_What you are asked to do:_
Go through the entries below and return every line that contains "image".

Start of Information shown

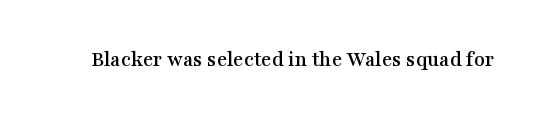
{"italic": "no", "underline": "no", "letter_spacing": "normal", "letter_spacing_em": 0.0, "glyph_px": 22}
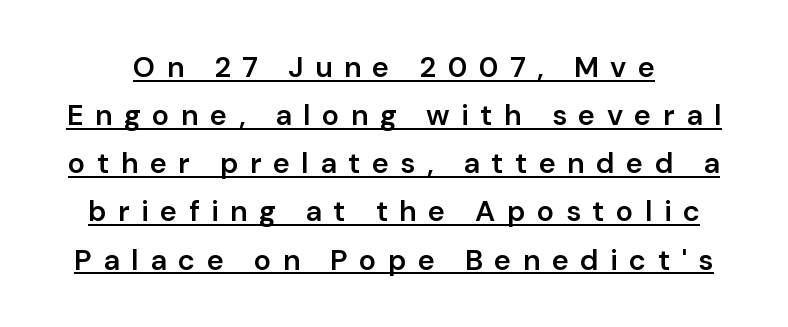
The image shows 29 px semibold sans-serif type, upright; set normal line spacing (1.66x), unusually wide letter spacing (+0.39 em), underlined; low stroke contrast and a medium x-height.
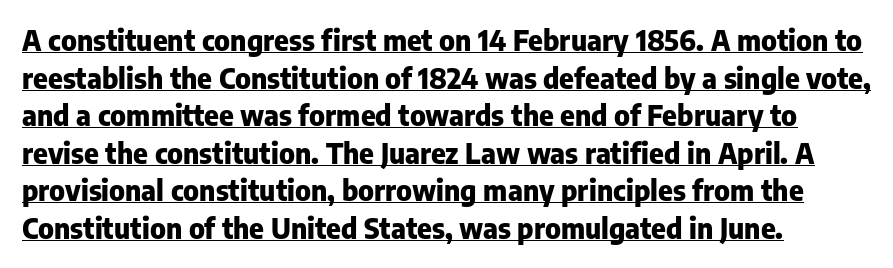
{"serif": "no", "italic": "no", "bold": "yes", "weight": "heavy", "width": "normal", "stroke_contrast": "low", "x_height": "medium", "monospaced": "no", "underline": "yes", "align": "left", "line_spacing": "normal", "line_spacing_ratio": 1.34, "letter_spacing": "normal", "letter_spacing_em": 0.0, "glyph_px": 28}
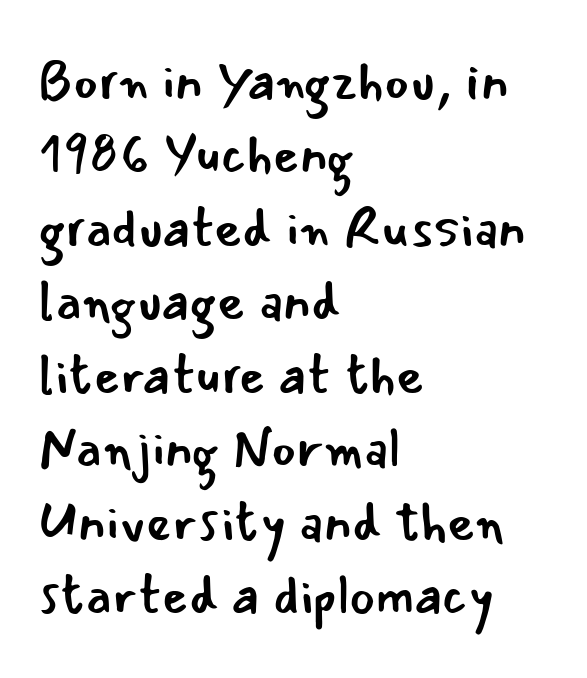
{"serif": "no", "italic": "no", "bold": "no", "weight": "regular", "width": "normal", "stroke_contrast": "low", "x_height": "small", "monospaced": "no", "underline": "no", "align": "left", "line_spacing": "normal", "line_spacing_ratio": 1.36, "letter_spacing": "normal", "letter_spacing_em": 0.0, "glyph_px": 54}
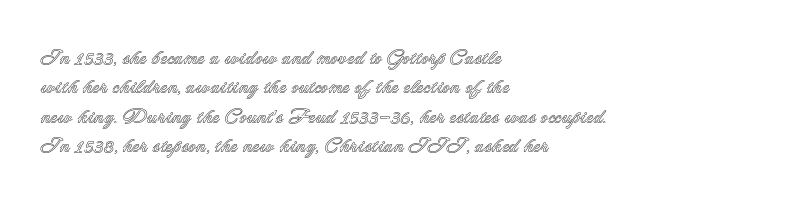
The image shows 21 px text type; set left-aligned, normal line spacing (1.4x), normal letter spacing, not underlined.
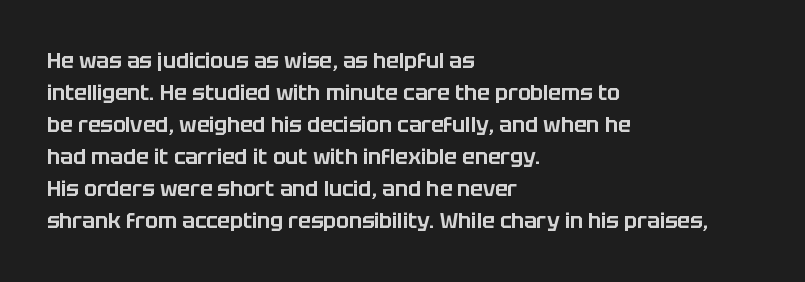
The image shows 21 px text type, upright; set left-aligned, normal line spacing (1.52x), normal letter spacing, not underlined.
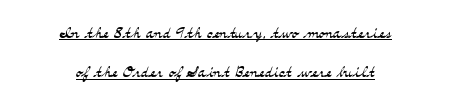
{"bold": "no", "underline": "yes", "align": "center", "line_spacing_ratio": 1.78, "letter_spacing": "normal", "letter_spacing_em": 0.0, "glyph_px": 22}

End of Information shown

_Answer box:_
The image shows 29 px semibold sans-serif type, upright; set normal line spacing (1.66x), unusually wide letter spacing (+0.39 em), underlined; low stroke contrast and a medium x-height.
The image shows 21 px text type; set left-aligned, normal line spacing (1.4x), normal letter spacing, not underlined.
The image shows 21 px text type, upright; set left-aligned, normal line spacing (1.52x), normal letter spacing, not underlined.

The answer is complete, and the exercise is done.